Repeat the records exactly, minus the pictures.

**Listed entries:**
□ □ □ □ □ □ □

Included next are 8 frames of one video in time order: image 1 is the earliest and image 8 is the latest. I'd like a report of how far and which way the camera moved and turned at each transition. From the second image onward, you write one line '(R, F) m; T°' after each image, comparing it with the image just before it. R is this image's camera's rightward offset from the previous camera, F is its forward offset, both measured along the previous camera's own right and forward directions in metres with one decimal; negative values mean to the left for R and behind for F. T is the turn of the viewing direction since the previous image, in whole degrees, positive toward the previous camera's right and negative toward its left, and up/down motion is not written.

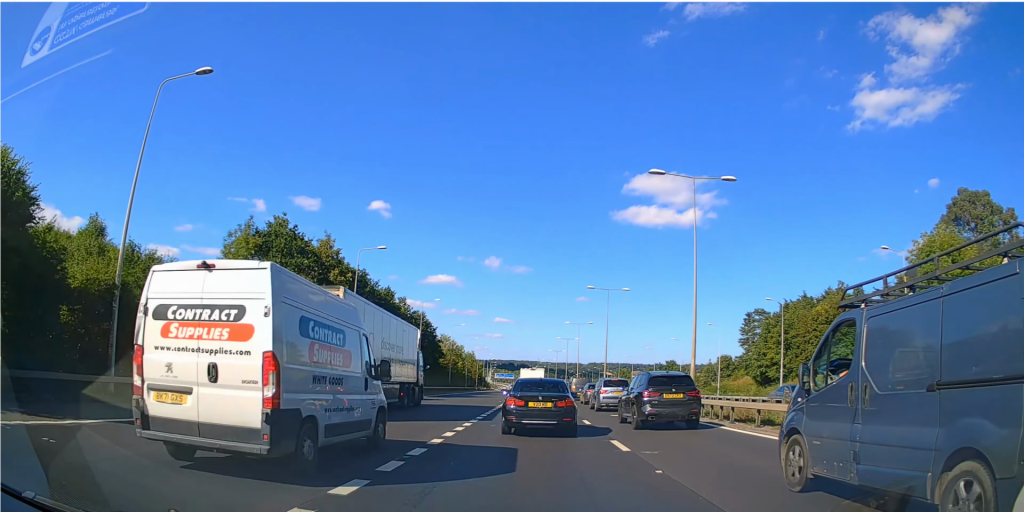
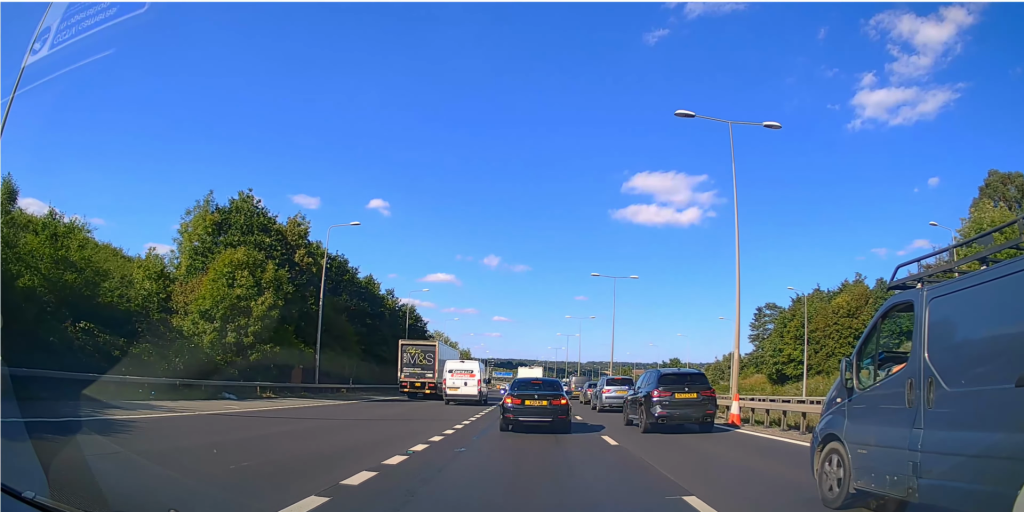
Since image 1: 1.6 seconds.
(0.0, +6.4) m; -2°
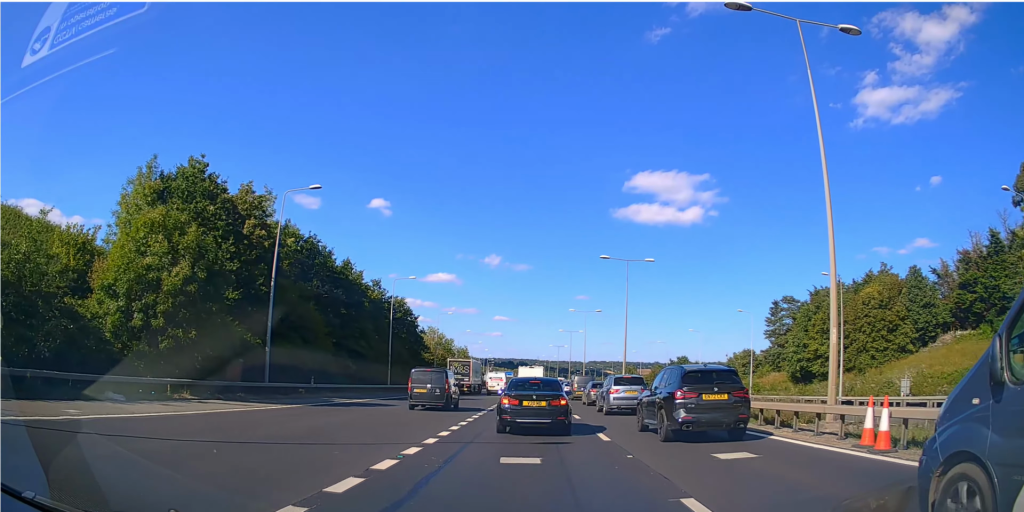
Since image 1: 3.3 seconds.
(-0.1, +8.2) m; -1°
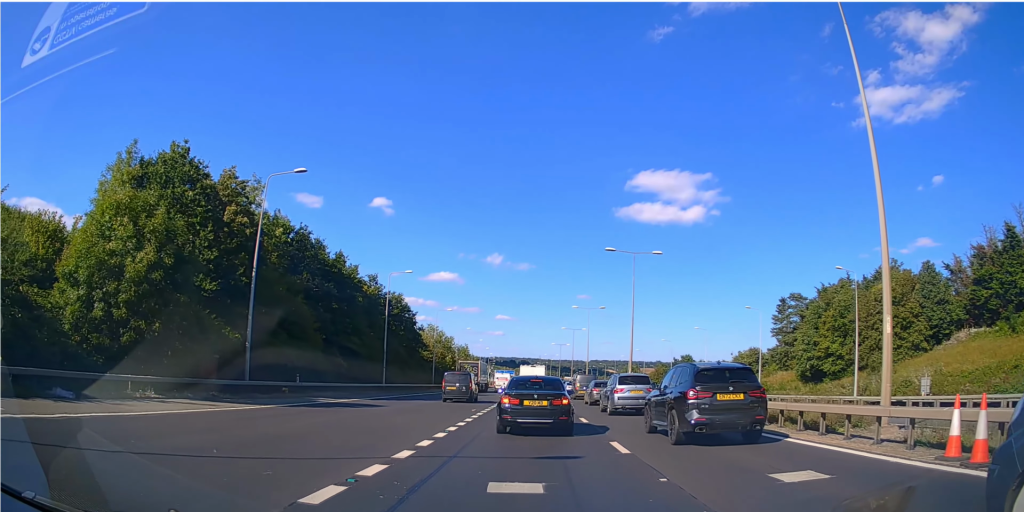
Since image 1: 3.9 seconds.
(0.0, +2.8) m; 0°
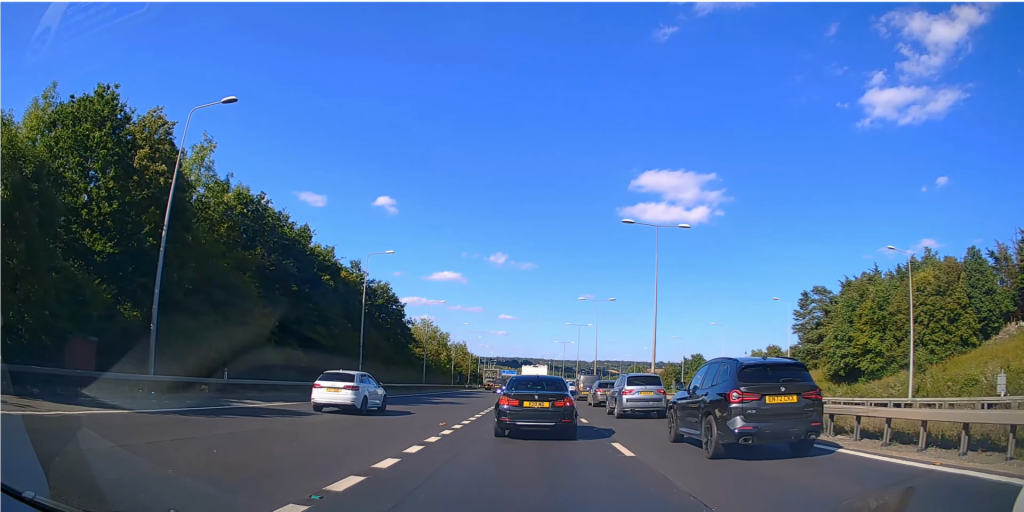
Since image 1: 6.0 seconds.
(+0.1, +9.7) m; +2°
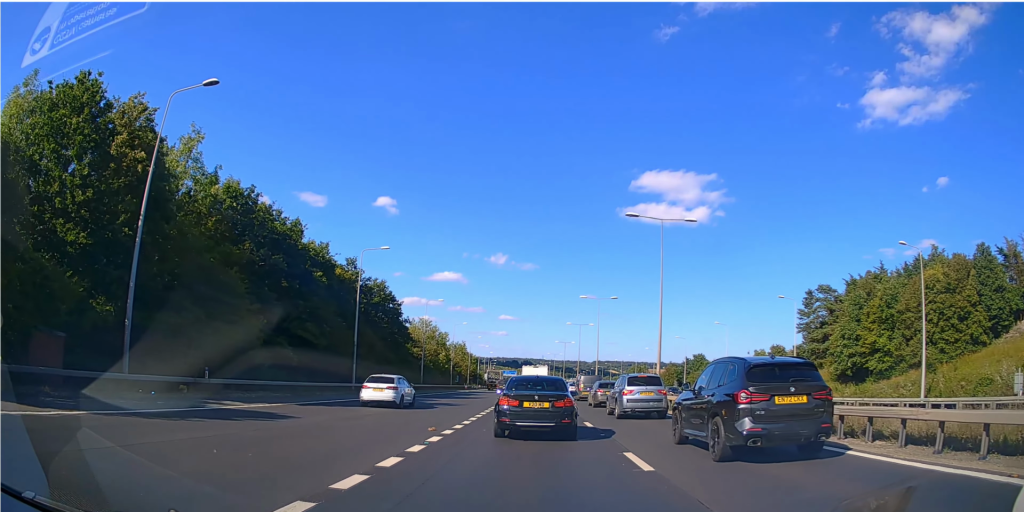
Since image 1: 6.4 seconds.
(+0.1, +1.9) m; 0°
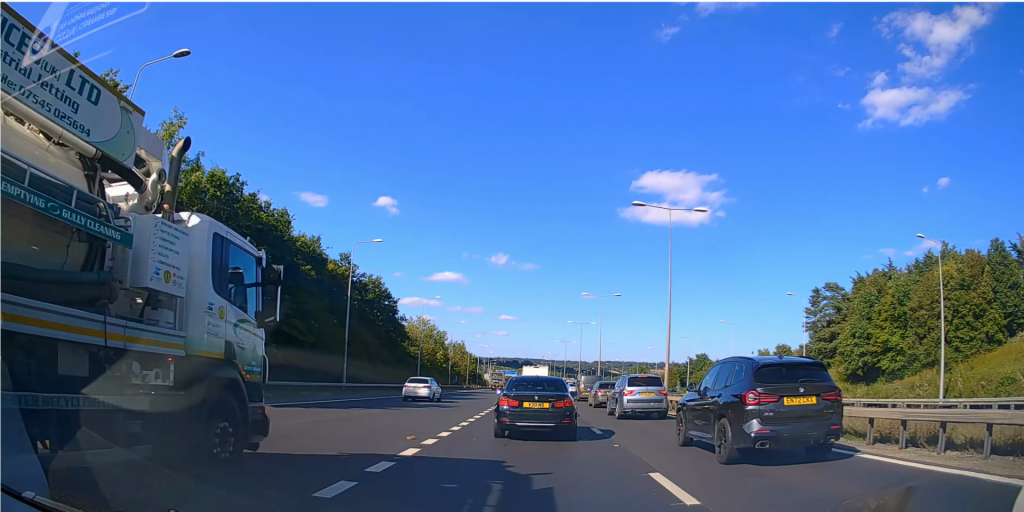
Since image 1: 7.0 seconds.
(0.0, +2.6) m; 0°
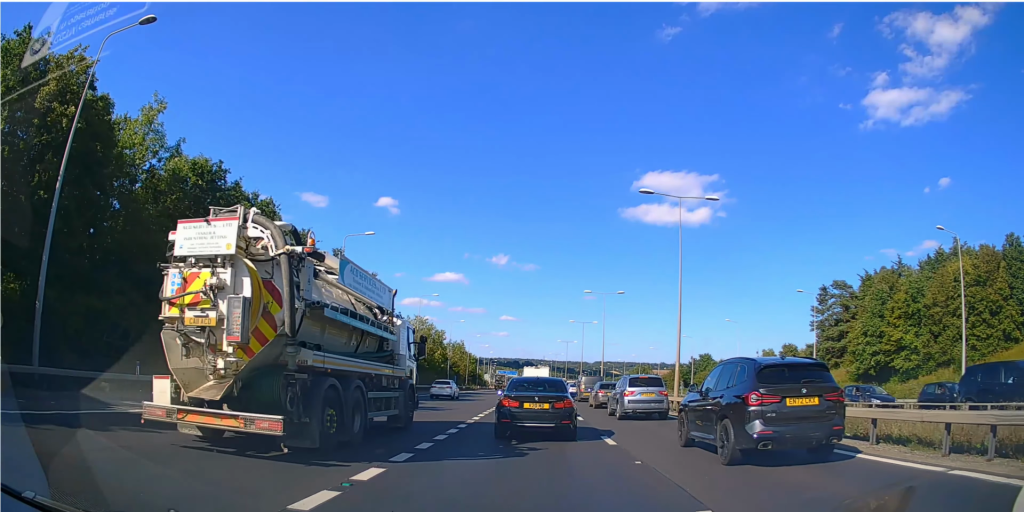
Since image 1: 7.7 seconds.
(-0.1, +2.8) m; -1°

□ □ □ □ □ □ □

**Exercise answer:**
Included next are 8 frames of one video in time order: image 1 is the earliest and image 8 is the latest. I'd like a report of how far and which way the camera moved and turned at each transition. From the second image onward, you write one line '(R, F) m; T°' after each image, comparing it with the image just before it. R is this image's camera's rightward offset from the previous camera, F is its forward offset, both measured along the previous camera's own right and forward directions in metres with one decimal; negative values mean to the left for R and behind for F. T is the turn of the viewing direction since the previous image, in whole degrees, positive toward the previous camera's right and negative toward its left, and up/down motion is not written.

Since image 1: 1.6 seconds.
(0.0, +6.4) m; -2°
Since image 1: 3.3 seconds.
(-0.1, +8.2) m; -1°
Since image 1: 3.9 seconds.
(0.0, +2.8) m; 0°
Since image 1: 6.0 seconds.
(+0.1, +9.7) m; +2°
Since image 1: 6.4 seconds.
(+0.1, +1.9) m; 0°
Since image 1: 7.0 seconds.
(0.0, +2.6) m; 0°
Since image 1: 7.7 seconds.
(-0.1, +2.8) m; -1°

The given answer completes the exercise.